### Stored records
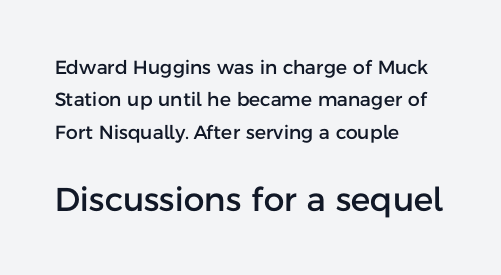
Q: Is the text italic (slanted)? A: No, it is upright.
Q: Is the typeface a serif or a sans-serif typeface? A: Sans-serif.
Q: Is the text underlined? A: No.
Q: How is the paragraph aligned? A: Left-aligned.
Q: Is the spacing between letters normal or unusually wide? A: Normal.
Q: Which block of text is set in a larger size, the first (top) or the second (bottom)? A: The second (bottom) one.
Q: Width (condensed, normal, or wide)? A: Normal.
Q: Stroke contrast? A: Low.
Q: x-height? A: Medium.
Q: Monospaced? A: No.
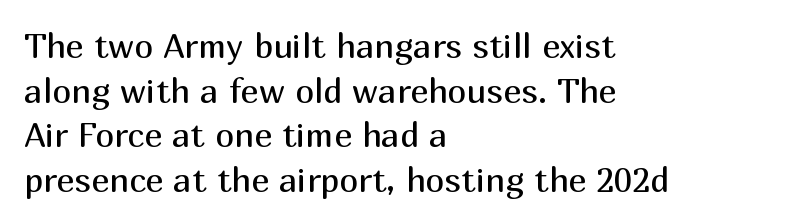
The image shows 34 px regular-weight sans-serif type, upright; set left-aligned, normal line spacing (1.31x), normal letter spacing, not underlined; medium stroke contrast and a medium x-height.
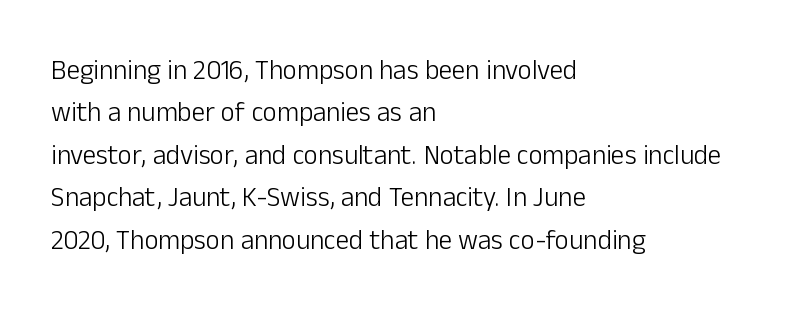
Q: Is the text bold? A: No.
Q: Is the text italic (slanted)? A: No, it is upright.
Q: Is the text underlined? A: No.
Q: How is the paragraph aligned? A: Left-aligned.
Q: Is the spacing between letters normal or unusually wide? A: Normal.
Q: Is the spacing between lines tight, normal or loose? A: Normal.
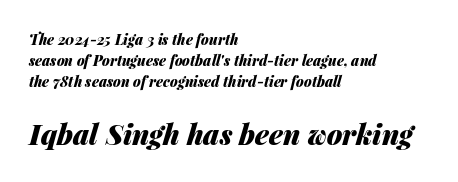
Q: Is the text bold? A: Yes.
Q: Is the text italic (slanted)? A: Yes, it leans right by about 14 degrees.
Q: Is the text underlined? A: No.
Q: How is the paragraph aligned? A: Left-aligned.
Q: Is the spacing between letters normal or unusually wide? A: Normal.
Q: Is the spacing between lines tight, normal or loose? A: Normal.
Q: Which block of text is set in a larger size, the first (top) or the second (bottom)? A: The second (bottom) one.
Q: Width (condensed, normal, or wide)? A: Normal.
Q: Stroke contrast? A: Medium.
Q: x-height? A: Medium.
Q: Monospaced? A: No.
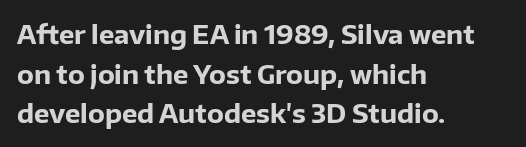
The image shows 26 px bold type, upright; set left-aligned, normal line spacing (1.52x), normal letter spacing, not underlined.
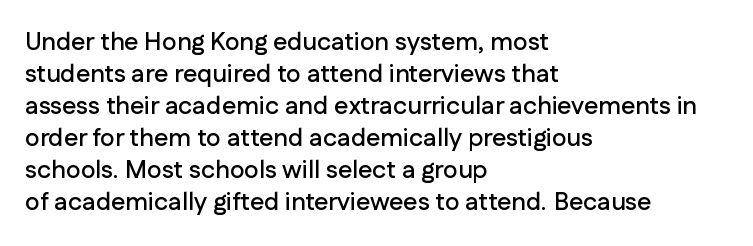
Summary of vertical rhythm: regular, with standard interline spacing. The string is rendered with underlining switched off. This rendering uses left alignment, leaving the right contour irregular. The lettering stays uniformly vertical, giving the passage a roman look. The horizontal fit of the characters is conventional and even.
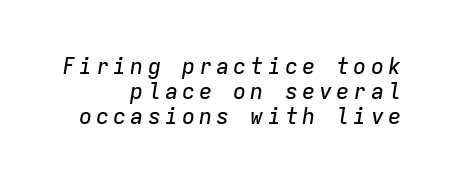
The image shows 22 px text type, italic (leaning right); set right-aligned, tight line spacing (1.13x), not underlined.
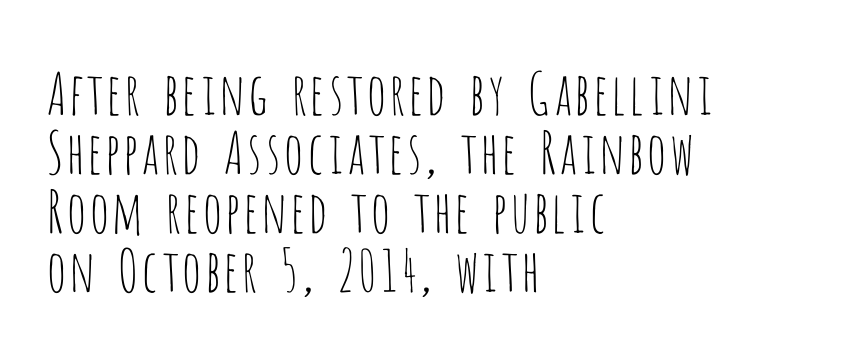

### Task to carry out
All lines in the records that contain "image" are to be copied and returned.

### Answer to the exercise
The image shows 34 px regular-weight sans-serif type, upright; set left-aligned, normal line spacing (1.31x), normal letter spacing, not underlined; medium stroke contrast and a medium x-height.
The image shows 26 px bold type, upright; set left-aligned, normal line spacing (1.52x), normal letter spacing, not underlined.
The image shows 22 px text type, italic (leaning right); set right-aligned, tight line spacing (1.13x), not underlined.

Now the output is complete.